The 300ms startup buffer is a one-time hold on launch — it fills once and then the pipeline runs continuously at ~220ms latency.

This is acceptable for communication apps. Microsoft Teams, Zoom, and most WebRTC systems already introduce 50–150ms of network + encoding latency. The ~220ms added by this pipeline stays below the ITU G.114 400ms total threshold for acceptable conversational delay.

Reducing Latency

The latency is dominated by the 200ms analysis window — not the EQ or gate.

Quick win — remove EQ and gate (~2ms saving, negligible): In ml_denoiser_pipeline.py, comment out the EQ and gate blocks in _processing_thread. The model's spectral suppression handles most noise without them. This saves ~2ms which is imperceptible.

Real reduction — halve the window size:

WINDOW_SAMP = 1600   # 100ms window (was 200ms)
HOP_SAMP    = 800    # 50ms hop    (was 100ms)

This cuts algorithmic latency to ~120ms at the cost of fewer STFT frames per inference (11 vs 22). Model quality degrades somewhat because it has less temporal context per window. Tune SPECTRAL_FLOOR up slightly (0.15–0.18) to compensate for less confident suppression at the shorter window.

Sub-10ms latency requires replacing the STFT-domain pipeline entirely with a time-domain model (Conv-TasNet, DTLN, or similar) that processes shorter frames without a large analysis window. That is a model retrain, not a parameter change.

---

Why native 16 kHz? The model was trained at 16 kHz. Running at 44.1 kHz and resampling around the model introduces polyphase filter transients at every chunk boundary — audible as periodic pops. Running natively at 16 kHz eliminates both resamples. Speech intelligibility lives entirely below 8 kHz (the 16 kHz Nyquist), so nothing relevant is lost.

Why Overlap-Add at 50% overlap? The Hann window has the Constant Overlap-Add (COLA) property at 50% — consecutive windowed frames sum to a constant value, giving artifact-free reconstruction at every chunk boundary without any explicit crossfade logic.

Why a soft gate instead of hard silence detection? Unvoiced consonants (p, t, k, s, f) have very low RMS but are essential for intelligibility. A hard RMS threshold set high enough to cut background noise will also cut these consonants. The soft gate uses a slow release (GATE_RELEASE) and an 800ms hold period so the gate stays open through natural speech gaps and quiet phonemes.

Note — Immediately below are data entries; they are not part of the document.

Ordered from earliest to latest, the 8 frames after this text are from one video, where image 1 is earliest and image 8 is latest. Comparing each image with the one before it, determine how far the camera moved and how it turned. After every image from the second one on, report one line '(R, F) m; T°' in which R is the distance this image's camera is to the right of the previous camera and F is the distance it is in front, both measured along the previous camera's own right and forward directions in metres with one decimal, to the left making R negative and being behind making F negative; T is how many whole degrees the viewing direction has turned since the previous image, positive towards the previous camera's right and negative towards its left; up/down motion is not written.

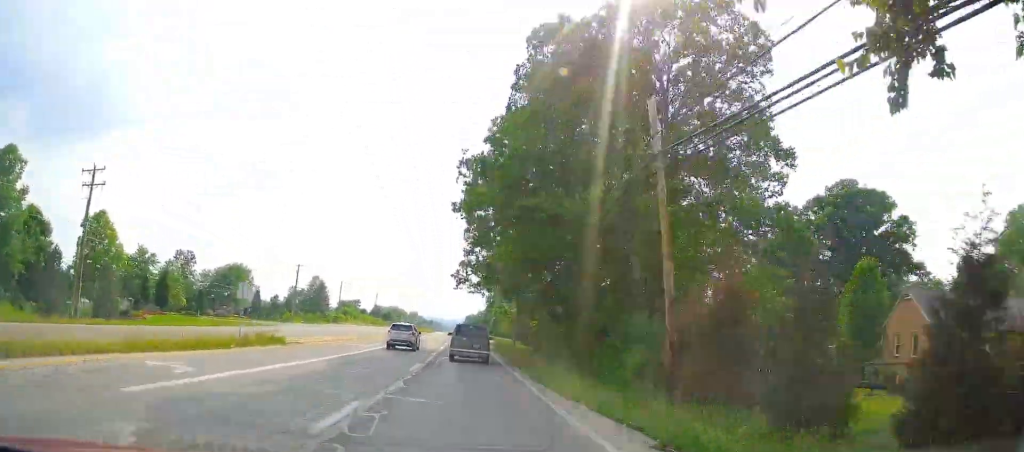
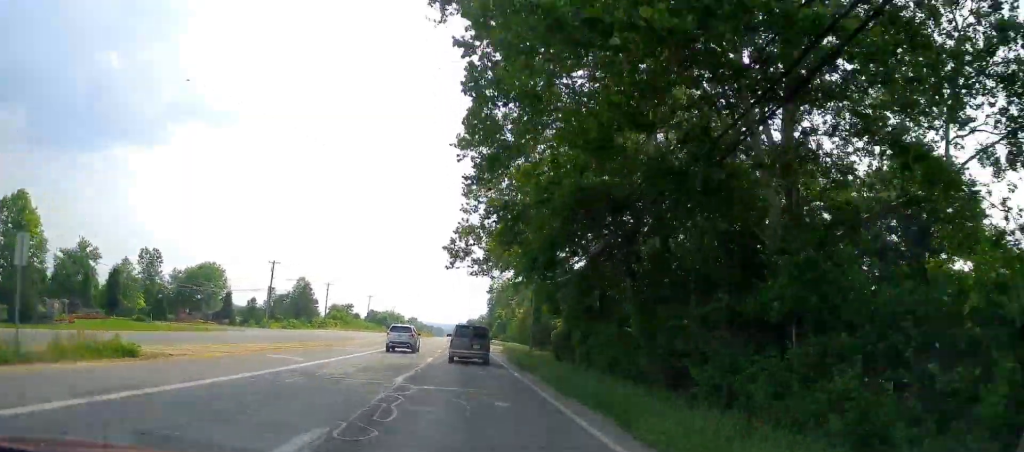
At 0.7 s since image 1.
(-0.2, +16.1) m; -1°
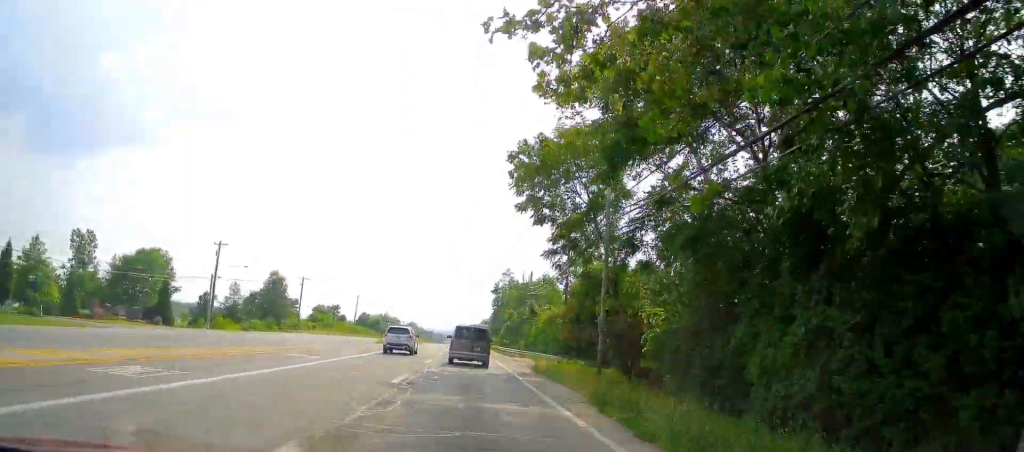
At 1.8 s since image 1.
(-0.2, +25.0) m; 0°
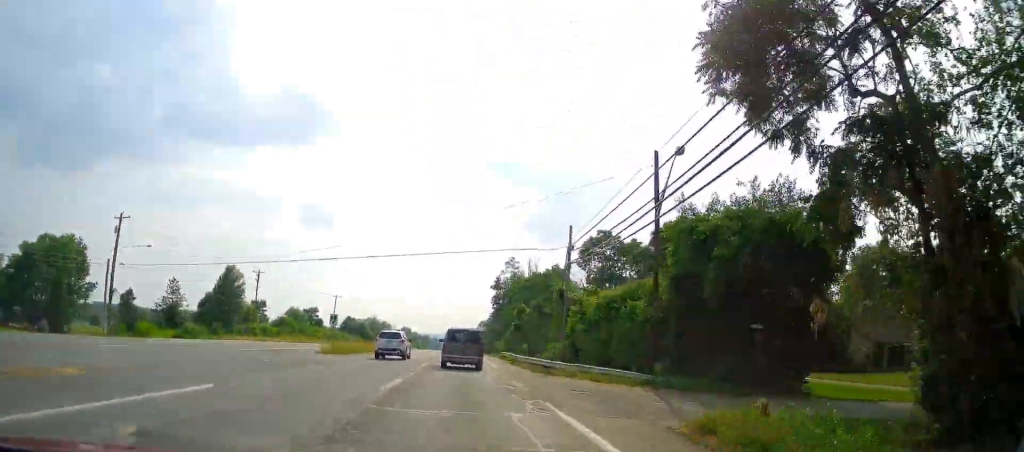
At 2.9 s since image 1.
(0.0, +24.8) m; 0°
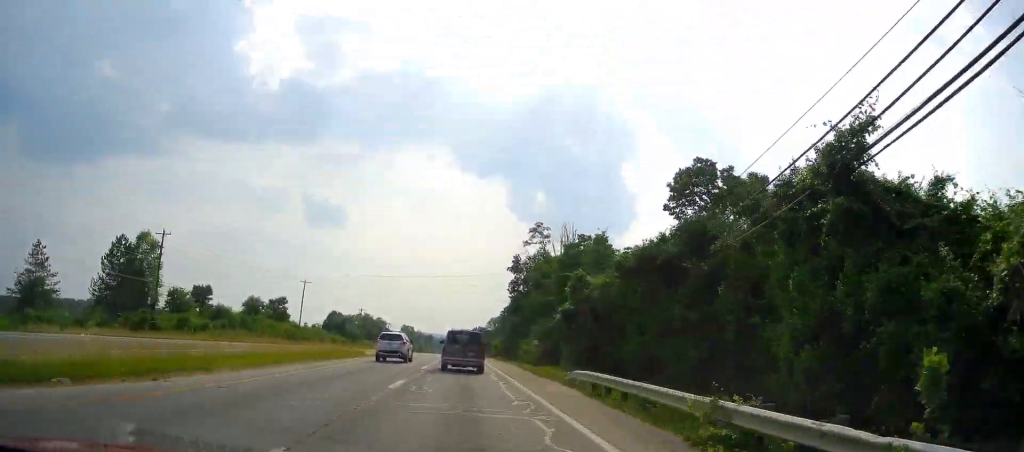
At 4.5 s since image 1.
(+0.1, +36.1) m; 0°
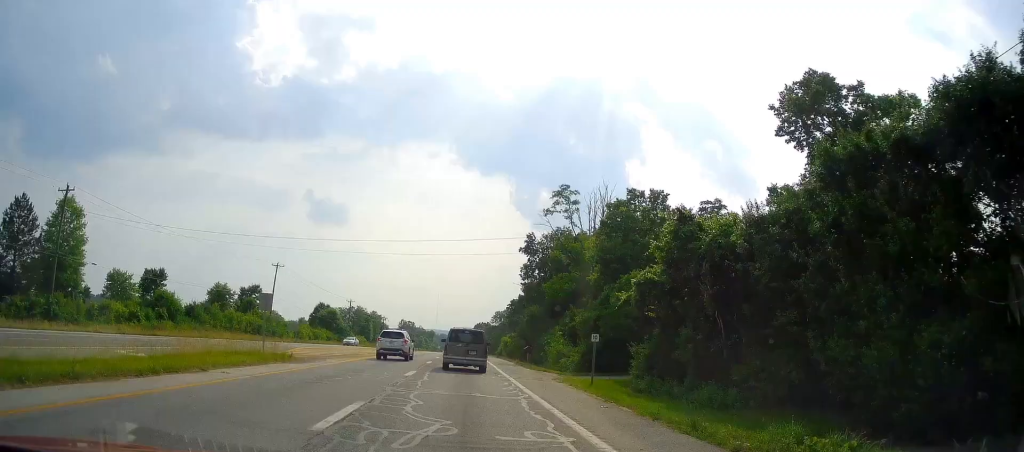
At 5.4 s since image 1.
(0.0, +19.5) m; -1°
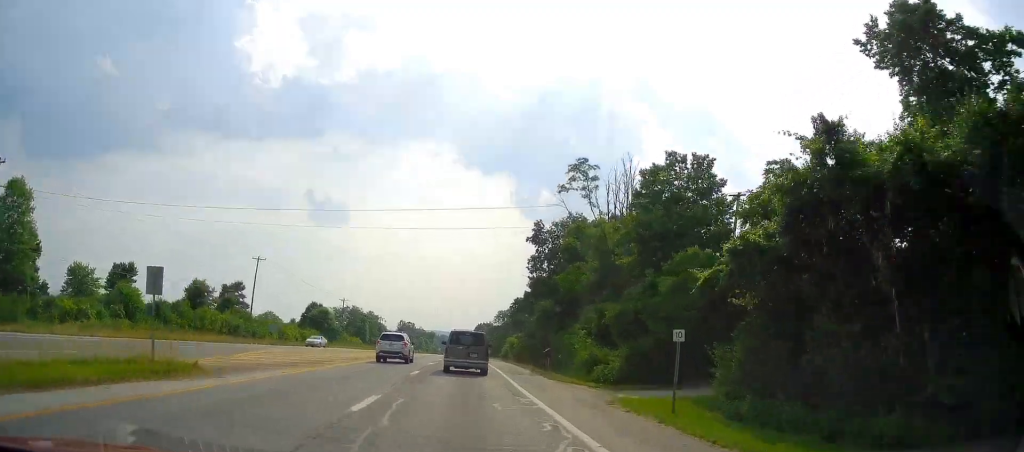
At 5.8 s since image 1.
(0.0, +9.7) m; -1°
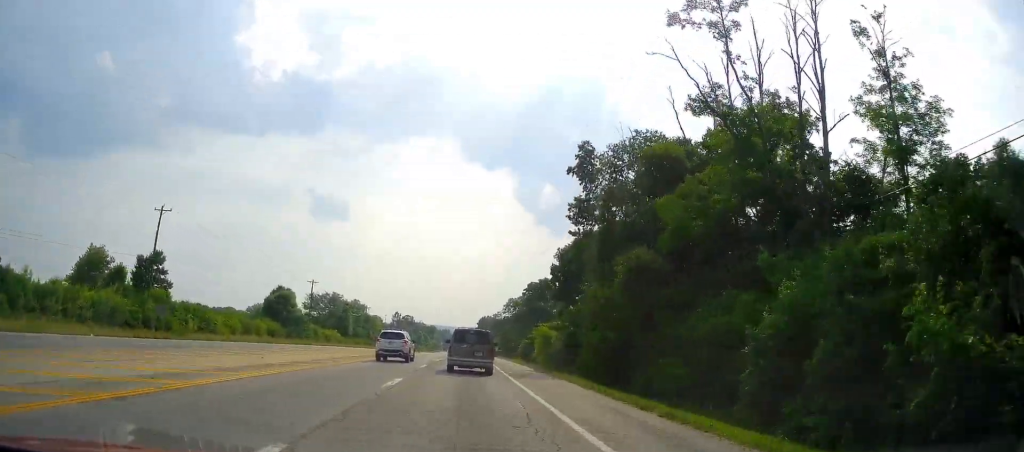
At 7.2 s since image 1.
(-0.4, +31.6) m; 0°

Why post-processing EQ? Masking-based models reuse the noisy phase in iSTFT reconstruction. This combination of clean magnitude + noisy phase is technically an invalid STFT — it attenuates some frequency content, particularly in the 100Hz–1kHz voice body range. A stateful Butterworth bandpass filter adds +5 dB in that range to compensate without affecting higher frequencies.

time.sleep(0) instead of time.sleep(0.001): On Windows, any sleep(t > 0) waits a minimum of ~15.6ms due to the system timer resolution. In a 100ms-hop pipeline that means the processing thread effectively sleeps 15× longer than intended, causing buffer drain and periodic loudness oscillation. sleep(0) yields the thread's CPU timeslice without any minimum wait.

---

Known Limitations

• Phase reuse muffling: The model predicts clean magnitude but reconstruction uses the noisy phase. Unvoiced consonants can sound slightly muffled on some inputs. Fix: retrain with a complex-mask architecture (DCUNet) that predicts both magnitude and phase jointly.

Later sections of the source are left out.